» **Task to complete**
Would you please restate the data exactly as it stands, apart from the pictures?

(Stored records)
────────
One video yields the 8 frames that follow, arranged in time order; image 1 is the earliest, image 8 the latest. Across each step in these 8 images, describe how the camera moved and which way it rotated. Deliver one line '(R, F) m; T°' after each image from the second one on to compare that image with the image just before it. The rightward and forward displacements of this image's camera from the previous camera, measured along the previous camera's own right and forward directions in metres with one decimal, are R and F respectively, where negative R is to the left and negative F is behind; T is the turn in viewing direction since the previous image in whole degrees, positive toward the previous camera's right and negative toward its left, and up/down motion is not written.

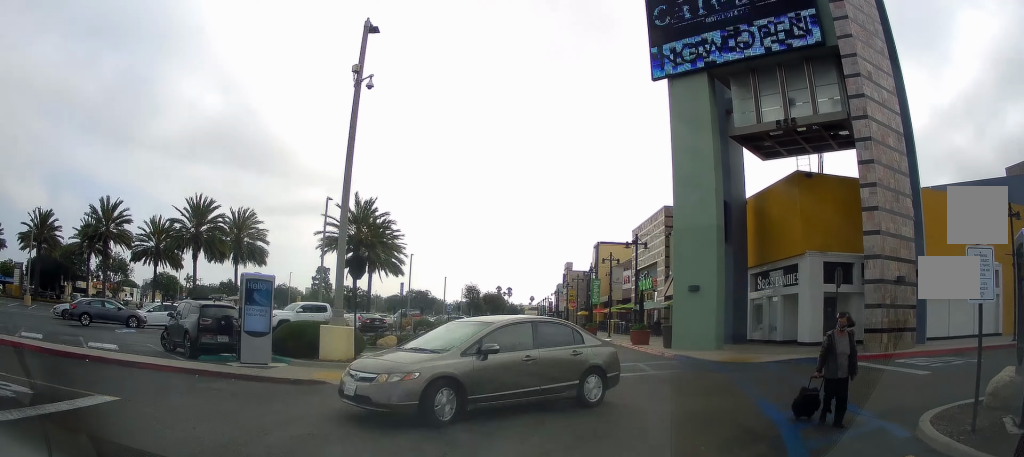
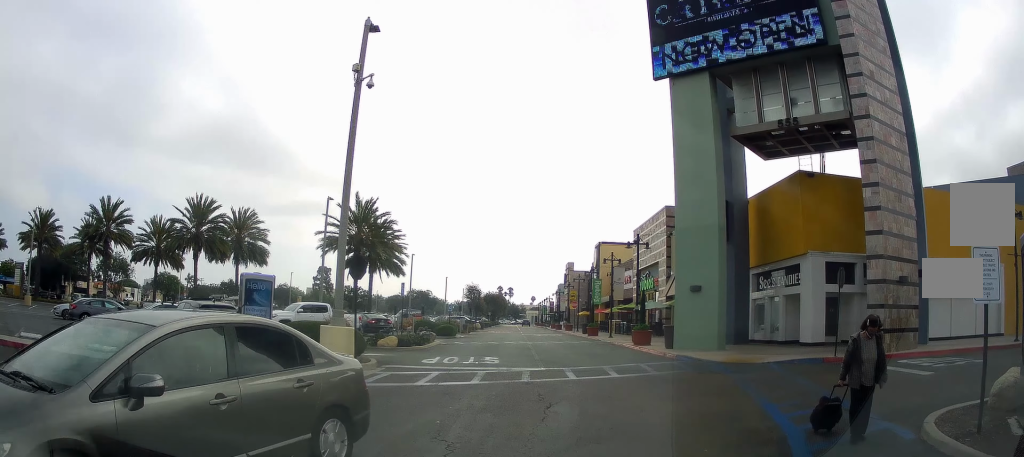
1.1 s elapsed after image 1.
(-0.2, +1.6) m; -3°
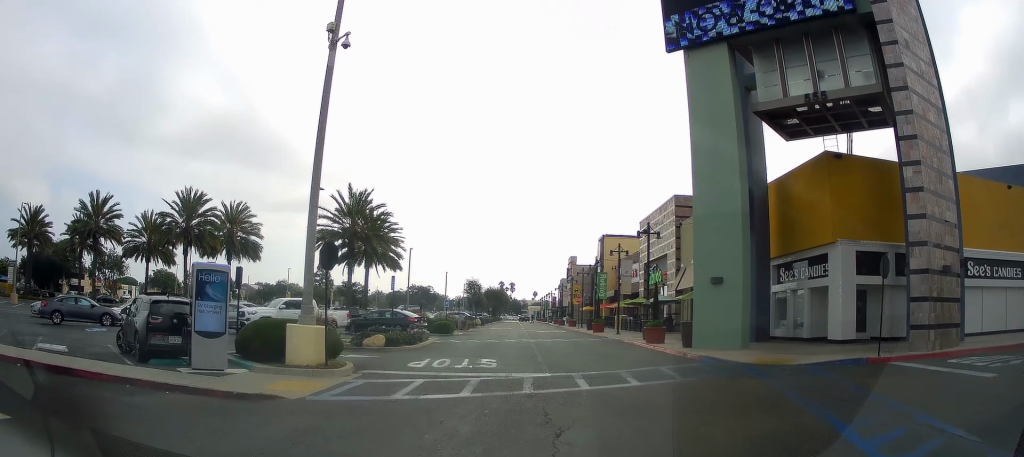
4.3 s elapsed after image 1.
(+0.3, +3.5) m; +10°
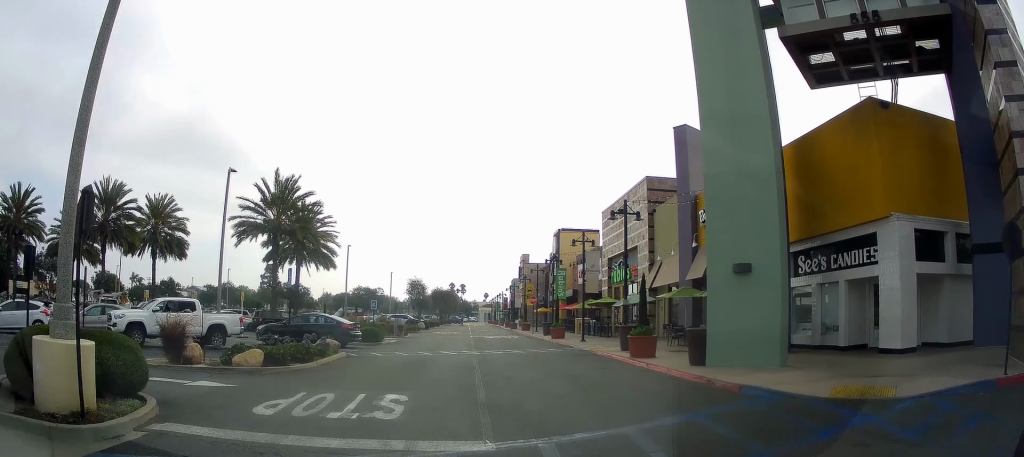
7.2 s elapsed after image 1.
(+0.5, +5.7) m; +3°
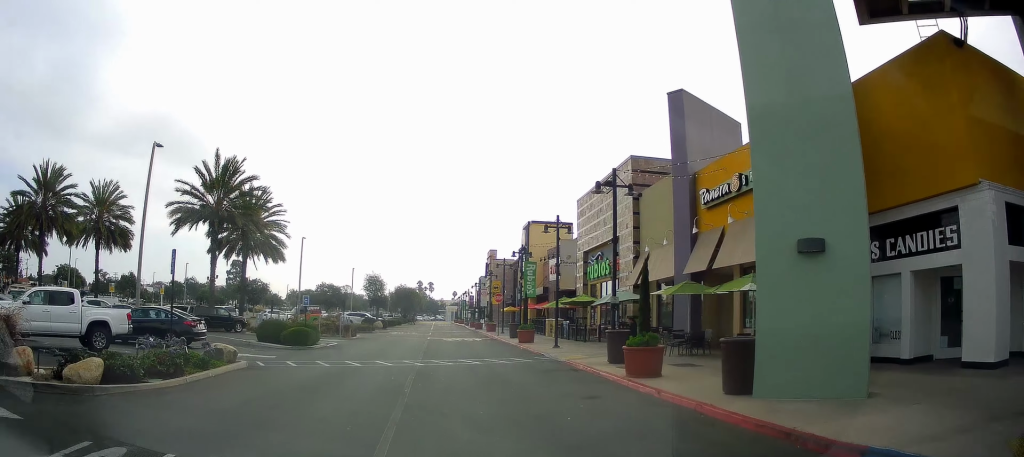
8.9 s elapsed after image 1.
(-0.3, +4.5) m; -2°
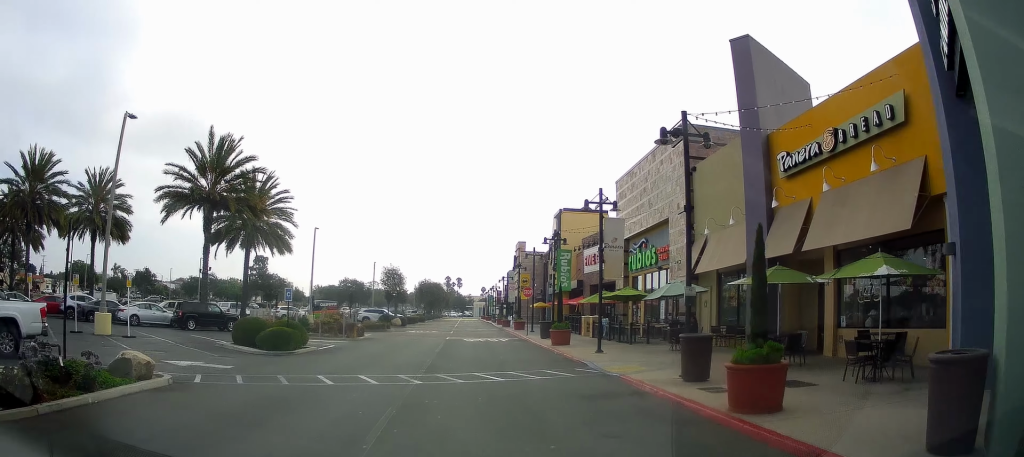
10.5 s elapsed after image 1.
(0.0, +4.4) m; -5°
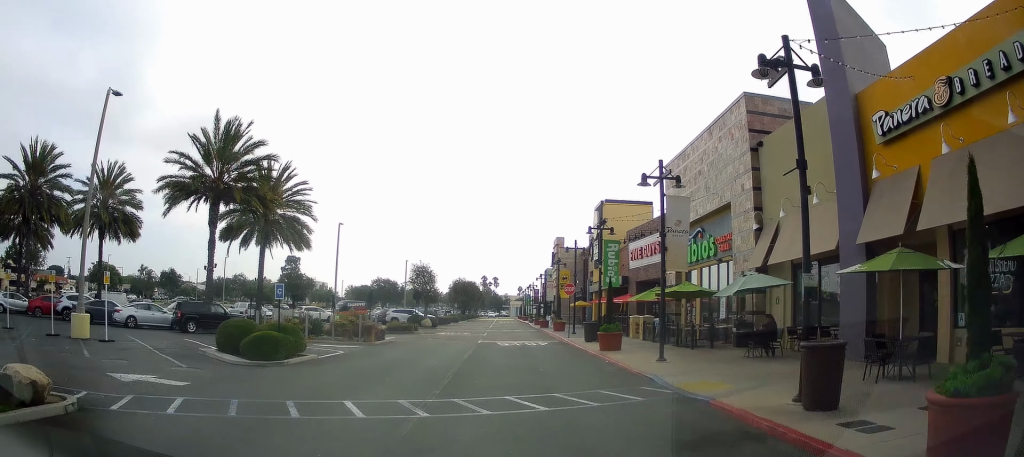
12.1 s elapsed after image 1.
(-0.3, +4.1) m; -6°
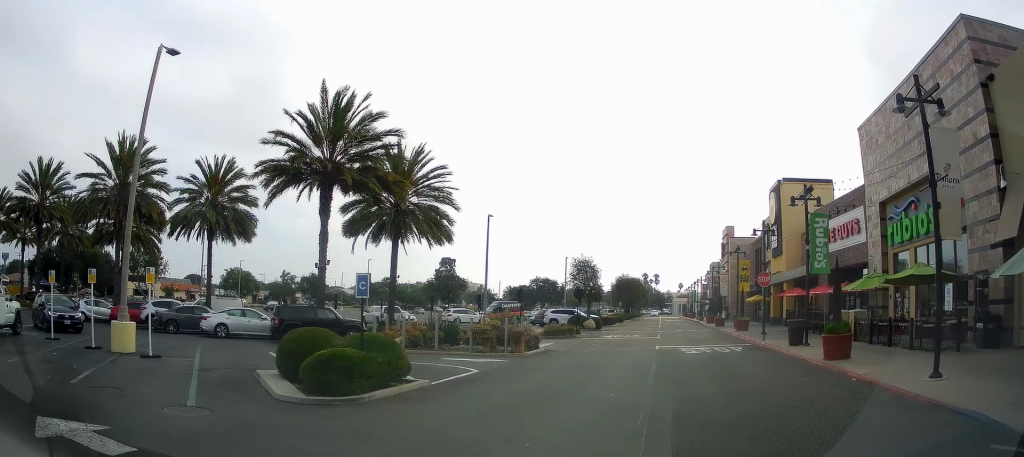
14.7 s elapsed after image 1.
(-0.5, +6.5) m; -22°
────────
» **Result**
One video yields the 8 frames that follow, arranged in time order; image 1 is the earliest, image 8 the latest. Across each step in these 8 images, describe how the camera moved and which way it rotated. Deliver one line '(R, F) m; T°' after each image from the second one on to compare that image with the image just before it. The rightward and forward displacements of this image's camera from the previous camera, measured along the previous camera's own right and forward directions in metres with one decimal, are R and F respectively, where negative R is to the left and negative F is behind; T is the turn in viewing direction since the previous image in whole degrees, positive toward the previous camera's right and negative toward its left, and up/down motion is not written.

1.1 s elapsed after image 1.
(-0.2, +1.6) m; -3°
4.3 s elapsed after image 1.
(+0.3, +3.5) m; +10°
7.2 s elapsed after image 1.
(+0.5, +5.7) m; +3°
8.9 s elapsed after image 1.
(-0.3, +4.5) m; -2°
10.5 s elapsed after image 1.
(0.0, +4.4) m; -5°
12.1 s elapsed after image 1.
(-0.3, +4.1) m; -6°
14.7 s elapsed after image 1.
(-0.5, +6.5) m; -22°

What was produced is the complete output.